4 Ways to Help Your University’s Technologies Survive the Valley of Death

The gap between initial research and successful commercialization is often referred to as the Valley of Death and represents a significant challenge for young startups.

While a startup founder gets to focus exclusively on crossing the Valley of Death, university venture and tech transfer staff have even more on their plate.  Between supporting the creation of startups and spin outs, coordinating sale and licensing of intellecutal property, sponsored research agreements, and more, staff need all the support they can get to ensure that university technologies cross the Valley of Death.

We’ve put together a list with a few ways institutions can do to coach their researchers to successful commercialization, even under serious time constraints.

1. Educate and navigate.

Your researchers turn to you to for guidance on how to get their innovations out to the world. Some have entrepreneurial aspirations themselves, and others just want to make sure their inventions are used. Regardless, both parties (TTO & researcher) need to understand all of the potential avenues and decide together how to proceed to advance the research.

2. Tap into your university’s resources.

If your university has graduate business and law schools, tap into them! Cross functional work between colleges creates an ad hoc incubator while providing opportunity for students of different disciplines to apply their principles to help research succeed.

3. Step outside the federal funding box.

A lot of research gets lost on the road to product development for many reasons, one being funding. While many universities rely on federal funding at their main source of income, there are other resources to tap into that can help provide the resources needed for emerging technology to be transformed to product like angel investors, gap funds, SBIR, private interest groups, industry to name a few.
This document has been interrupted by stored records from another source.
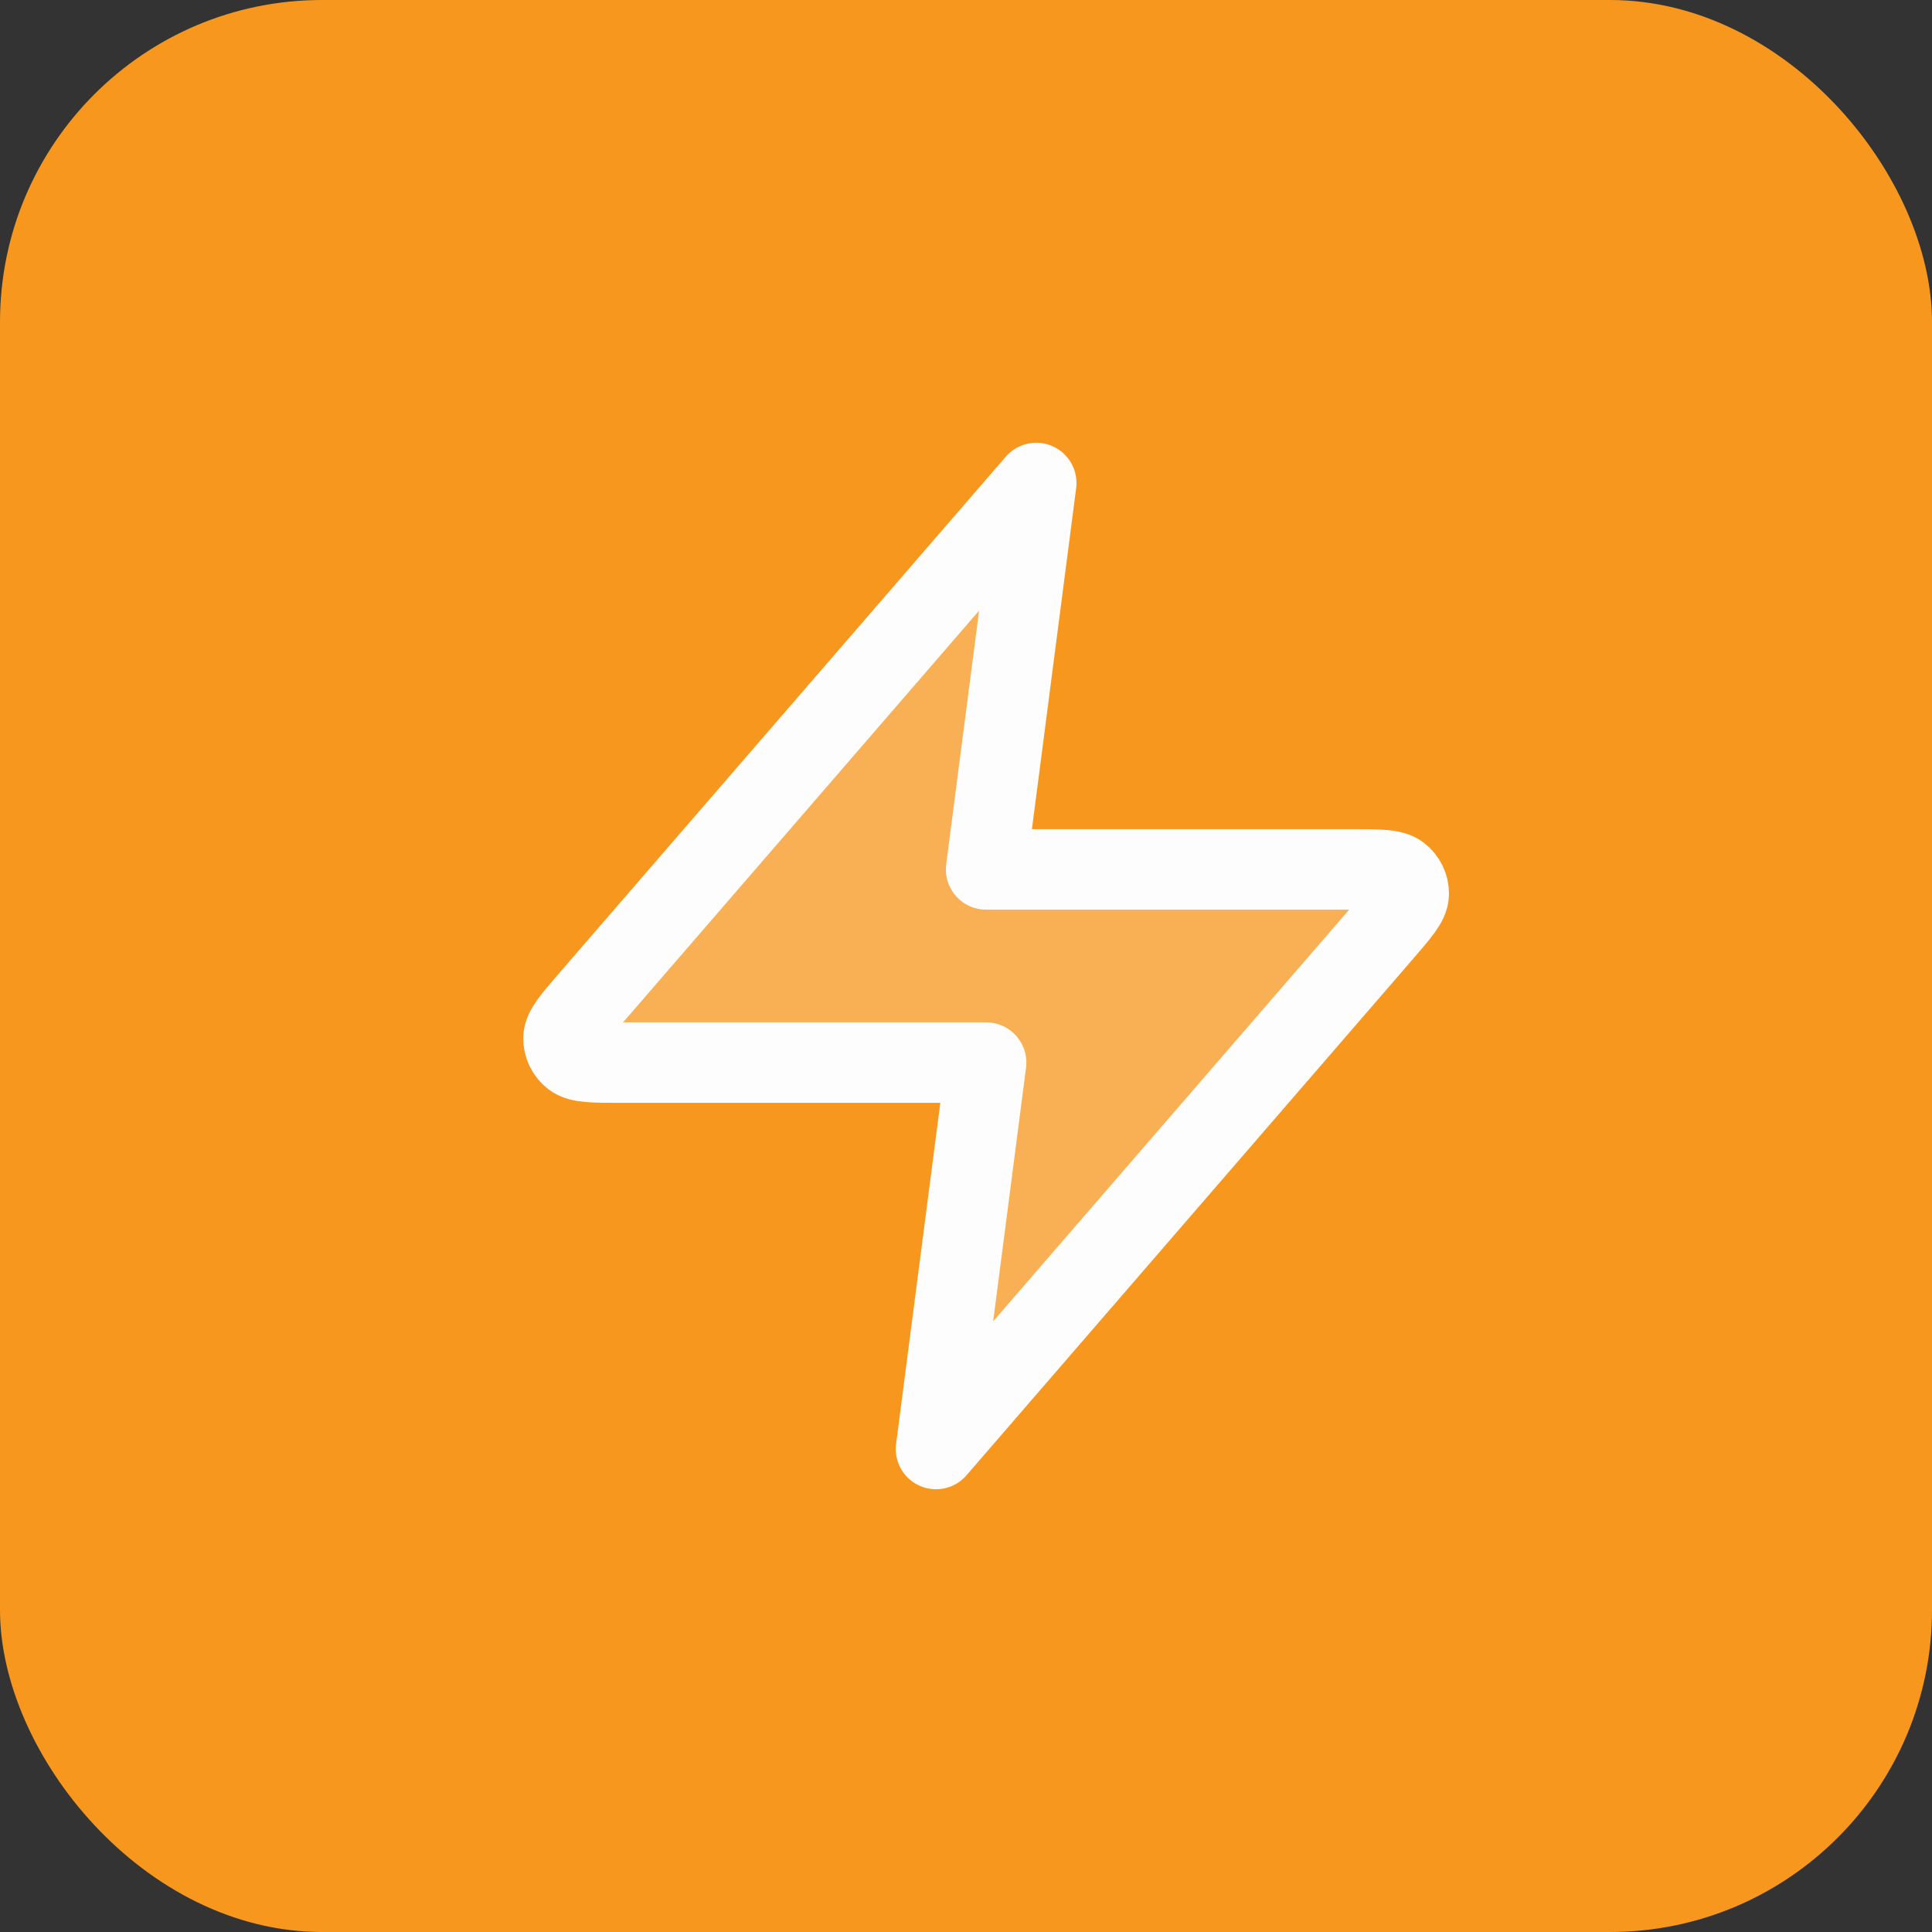 <svg width="48" height="48" viewBox="0 0 48 48" fill="none" xmlns="http://www.w3.org/2000/svg">
<rect x="0" y="0" width="48" height="48" fill="#333333" stroke="none"/>
<rect width="48" height="48" rx="8" fill="#F8971D"/>
<path opacity="0.25" d="M25.745 12L14.655 24.825C14.221 25.328 14.003 25.579 14 25.791C13.997 25.975 14.082 26.151 14.231 26.267C14.402 26.4 14.742 26.4 15.42 26.4H24.5L23.255 36L34.345 23.175C34.779 22.672 34.997 22.421 35 22.209C35.003 22.025 34.918 21.849 34.769 21.733C34.597 21.6 34.258 21.6 33.58 21.6H24.5L25.745 12Z" fill="#FDFDFD"/>
<path d="M25.745 12L14.655 24.825C14.221 25.328 14.003 25.579 14 25.791C13.997 25.975 14.082 26.151 14.231 26.267C14.402 26.4 14.742 26.4 15.42 26.4H24.5L23.255 36L34.345 23.175C34.779 22.672 34.997 22.421 35 22.209C35.003 22.025 34.918 21.849 34.769 21.733C34.597 21.6 34.258 21.6 33.58 21.6H24.5L25.745 12Z" stroke="#FDFDFD" stroke-width="2" stroke-linecap="round" stroke-linejoin="round"/>
</svg>

4. Expand and nurture your network.

In business and development, networking is key.  Creating a network outside of your university, is important, and expanding and nurturing your internal network to discover opportunities is often overlooked but equally important. For example, if a corporation has inquired regarding a spin out, what if the person who handles licensing has something of interest but doesn’t know? Taking a holistic internal relationship approach can help both upstream and downstream activities.